Osteoarthritis (OA) is the most common form of arthritis. It affects millions of people worldwide. OA can damage any joint in your body, the disorder most commonly affects joints in your hands, knees, hips and spine. It occurs when the protective cartilage on the ends of your bones disappears over time. Currently the underlying process cannot be reversed. Staying active, maintaining a healthy weight and other treatments may slow progression of the disease and help improve pain and joint function.
The erosion and destruction of articular cartilage are the specific characteristics of OA, accompanied by the loss of chondrocyte number & function and degradation of extracellular matrix. Research into the mechanism and therapies for OA has shifted from structural to the molecular changes in particular inflammation and oxidative stress and it has been demonstrated that inflammation-associated changes in the OA cartilage take place. Inflammatory mediators including chemokines, adipokines, and pro-inflammation cytokines such as tumor necrosis factor-alpha (TNF-α), interleukin-1β (IL-1β), IL-4, and IL-6 have been found to be increased in the serum and OA cartilage. These cytokines stimulate chondrocytes to secrete synthesize cyclooxygenase 2 (COX-2), nitric oxide (NO), prostaglandin E2 (PGE2), and matrix metalloproteinase (MMPs), leading to the destruction of cartilages. In addition there is oxidative stress, impacting intracellular signaling processes, chondrocyte senescence, apoptosis and autophagy, ECM synthesis and degradation. This pro-inflammatory action caused by reactive oxygen species (ROS) works through the nuclear factor-kappa B (NF-ĸB) pathway in OA chondrocytes.
In this study a team of researchers from China investigated whether pterostilbene could protect chondrocytes from inflammation and ROS production. They decided to research this because several studies in other cell types have reported the suppressive effects of pterostilbene on inflammation, oxidative stress, and apoptosis. Pterostilbene also is shown to reduce the ROS production and the expression of inflammatory mediators including IL-1β, IL-6, TNF-α, metalloproteinase-2 (MMP-2), and MMP-9.
For the study the researchers used an OA cartilage degeneration rat model (Sprague-Dawley rats). The osteoarthritis model was established by the transection of anterior cruciate ligament and partial medial meniscectomy in rats. In order to determine dosing they first they tested the cytotoxicity of pterostilbene (in vitro) on extracted chondrocytes and concluded that 20 μM pterostilbene with 24 h treatment did not affect the chondrocyte viability. Based on that the OA model rats received pterostilbene 30 mg/kg, daily for 8 weeks in sunflower oil.

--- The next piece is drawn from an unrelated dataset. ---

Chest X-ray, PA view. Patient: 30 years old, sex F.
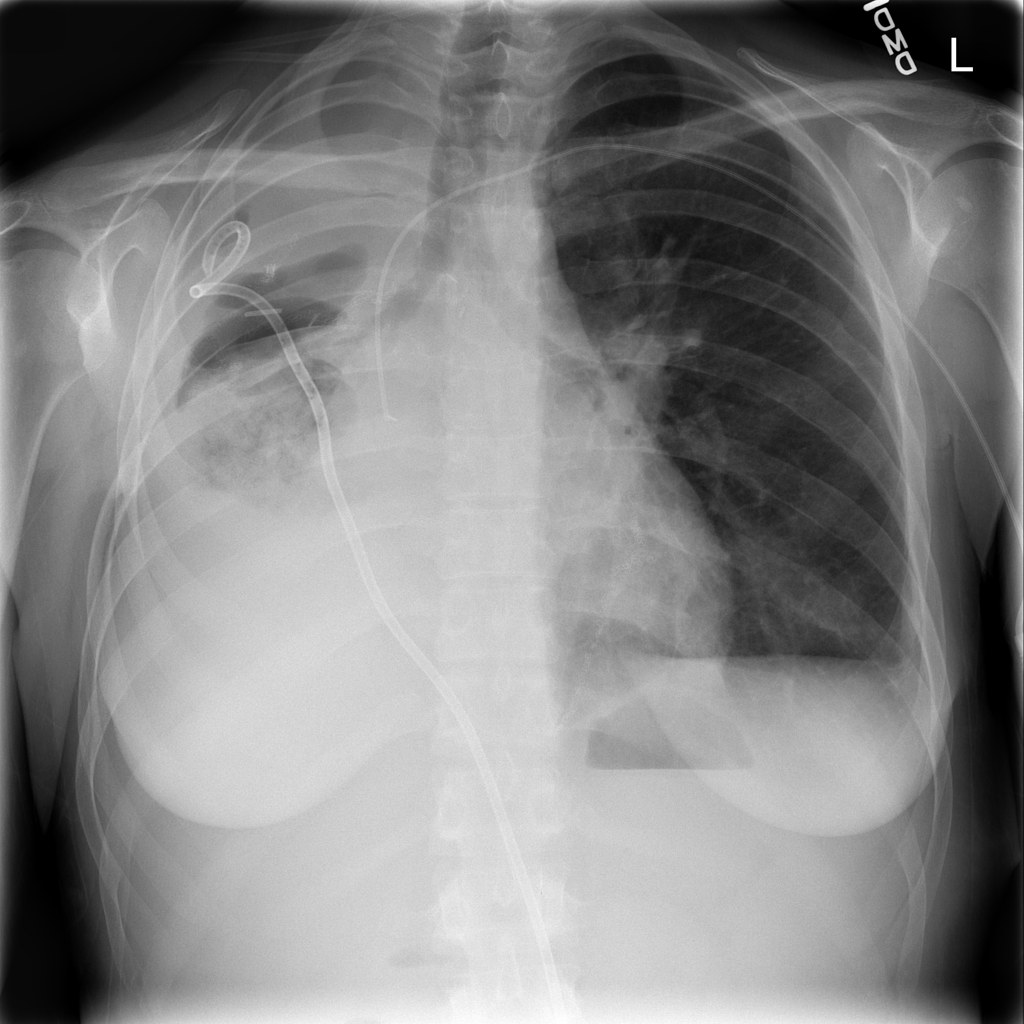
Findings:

The researchers found in vivo that nuclear translocation of Nrf2 was stimulated by pterostilbene without cellular toxicity. Pterostilbene inhibited the level of COX-2, iNOS, PGE2, and NO, as well as the mitochondrial and total intracellular ROS production induced by IL-1β in chondrocytes, partially reversed by the Nrf2 silencing. After the rats were euthanized analyses showed that compared with the OA cartilage, the pterostilbene-treated OA cartilage showed more smooth, more deposit of proteoglycan in ECM and less formation of fibrillations.

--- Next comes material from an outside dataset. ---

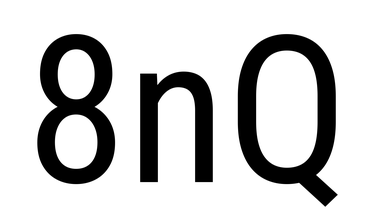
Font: Roboto_Condensed_Regular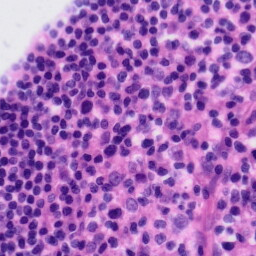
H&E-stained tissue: Tonsil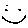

Finally lets calculate the Human Equivalent Dose (HED) of pterostibene dose the rats received. Using FDA specified guidelines the calculation shows the HED is roughly 5mg/kg. Or approximately a 350mg daily pterstilbene dose for a person weighing 70kg. Typical supplements on the market have serving sizes of 100mg. Pterostilbene in this human study is found to be safe at 250mg/kg for longer term use. Chromadex indicates an upper safety limit for a daily dose of 1890mg.
In conclusion, this work demonstrates the protective role of pterostilbene on OA in vivo and suggests that pterostilbene has potential as a drug to alleviate the cartilage degeneration. Moreover the effects were achieved with pterostilbene consumed orally at realistic dosing levels for humans.